Mutually Assured Destruction, on an Economic Scale
However, Faber believes China’s sway over the U.S. has been somewhat overblown, saying “they have influence, but it’s limited.”
The fact the U.S. is on the hook for as much as it is with China isn’t necessarily a positive for the Asian giant.
As Freeman notes, the old axiom still stands: “If I owe you $1, I have a problem, but if I owe you $1 trillion, you have the problem,” said Freeman.
For starters, the Chinese need to make sure the U.S. protects its investment in Treasuries while still maintaining its recovery from the financial crisis that sent Western economies into a tailspin.
“The Chinese are scared to death that Bernanke or others through QE2 are going to destroy the value of their assets, which are mostly denominated in dollars,” said Freeman.
But that argument often looks hypocritical from China, which has prevented its yuan from rising as quickly as currencies in Southeast Asia or Latin American. China’s currency policies have been a huge boon to its economy, making its goods cheaper overseas than those sold by its rivals. U.S. officials and lawmakers have frequently pressed China to allow its currency to freely float.
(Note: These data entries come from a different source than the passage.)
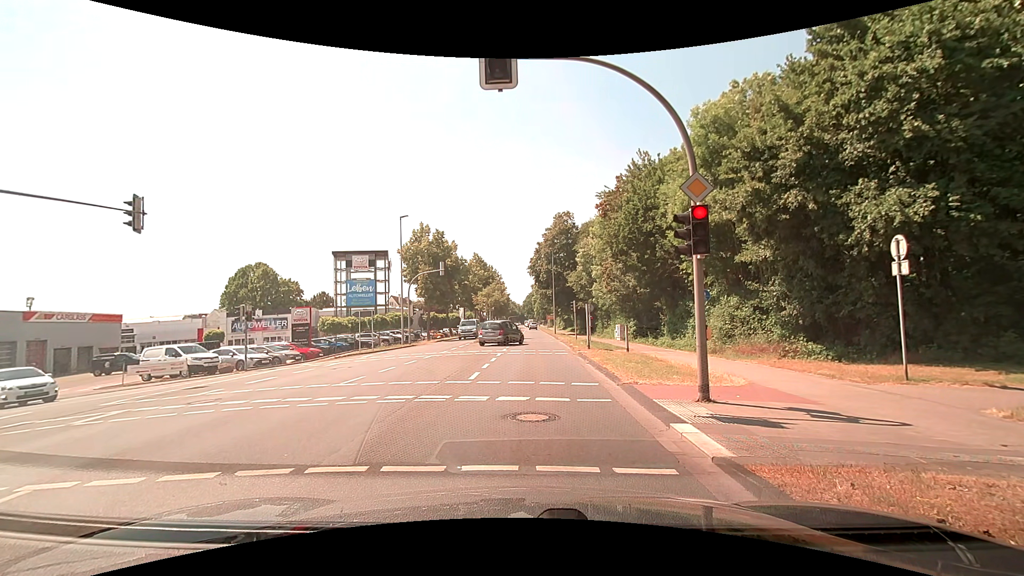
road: secondary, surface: asphalt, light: Day
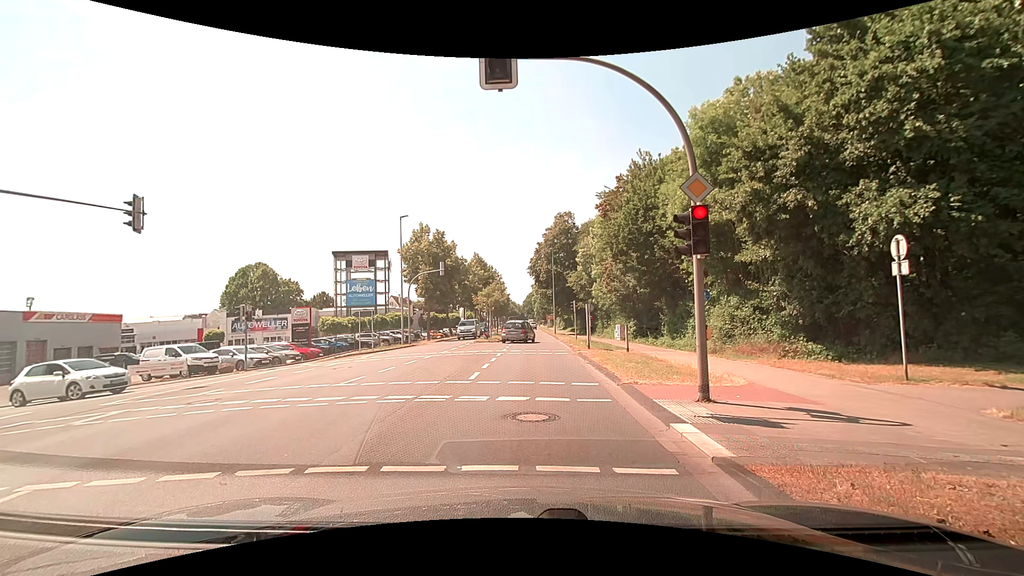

At the same time, it’s often overlooked how much China still relies on the U.S. to buy its goods. In 2010, America was China’s top export destination, with the U.S. deficit with China reaching $273.1 billion.
The economic relationship between China and the U.S. is often compared with the Cold War theory of Mutually Assured Destruction. Just as the Soviet Union then knew it had the capability to wipe out much of the U.S. in a nuclear attack, it was also assured of the fact the U.S. could do the same.
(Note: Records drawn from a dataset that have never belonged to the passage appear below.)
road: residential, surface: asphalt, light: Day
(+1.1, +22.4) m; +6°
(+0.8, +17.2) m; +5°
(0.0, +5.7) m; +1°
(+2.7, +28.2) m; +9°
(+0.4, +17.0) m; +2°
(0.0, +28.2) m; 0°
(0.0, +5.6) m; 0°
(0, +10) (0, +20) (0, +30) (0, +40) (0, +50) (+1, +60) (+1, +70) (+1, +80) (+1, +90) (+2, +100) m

“Could China threaten to dump its U.S. Treasurys and cause a super spike in interest rates that would sink the U.S. economy?” said Rickards. “Yes, but if they did, they would incur enormous losses in their own position.”
Of course, the U.S. has a number of defense mechanisms that could prevent the situation from ever getting to that point.
Rickards points to the International Emergency Economics Power Act, a little-known law that gives the president the power to seize accounts and freeze assets by executive order (without the consent of Congress) for national security reasons.
If it became known China was dumping U.S. Treasuries, IEEPA, which has been used countless times in the past, could be implemented to freeze the assets and prevent the sales, Rickards said.
Debt Woes Support Calls for Fiscal Reform
Fears about China displacing the U.S. as the world’s economic superpower are nothing new. After all, there were similar concerns about the strength of Middle Eastern countries during oil crises in the 1970s and some jitters about Japan’s growth during the 1980s.
“Somehow the United States always comes out on top,” said Rickards. “That’s partly because the world is on a dollar system and we control that system… We have ways of stacking the game to make sure we come out the biggest winners.”
Still, the reliance on China as the U.S.’s personal banker stretches to historical levels.
According to Richard Sylla, a financial historian at NYU, “not since the early days of the country” when France helped fund the American Revolution and the Dutch helped finance that debt repayment has one country held such a dominant position over U.S. debt.
The concern in some corners about the leverage China could hold over America only supplements the argument for the U.S. to get its fiscal house in order, a process that recent protests in Wisconsin suggest will be a tall order.
“People may not like dealing with the fact entitlements are out of control, but that’s really what we have to [reform], particularly if we are worried about the Chinese as our bankers,” said Freeman.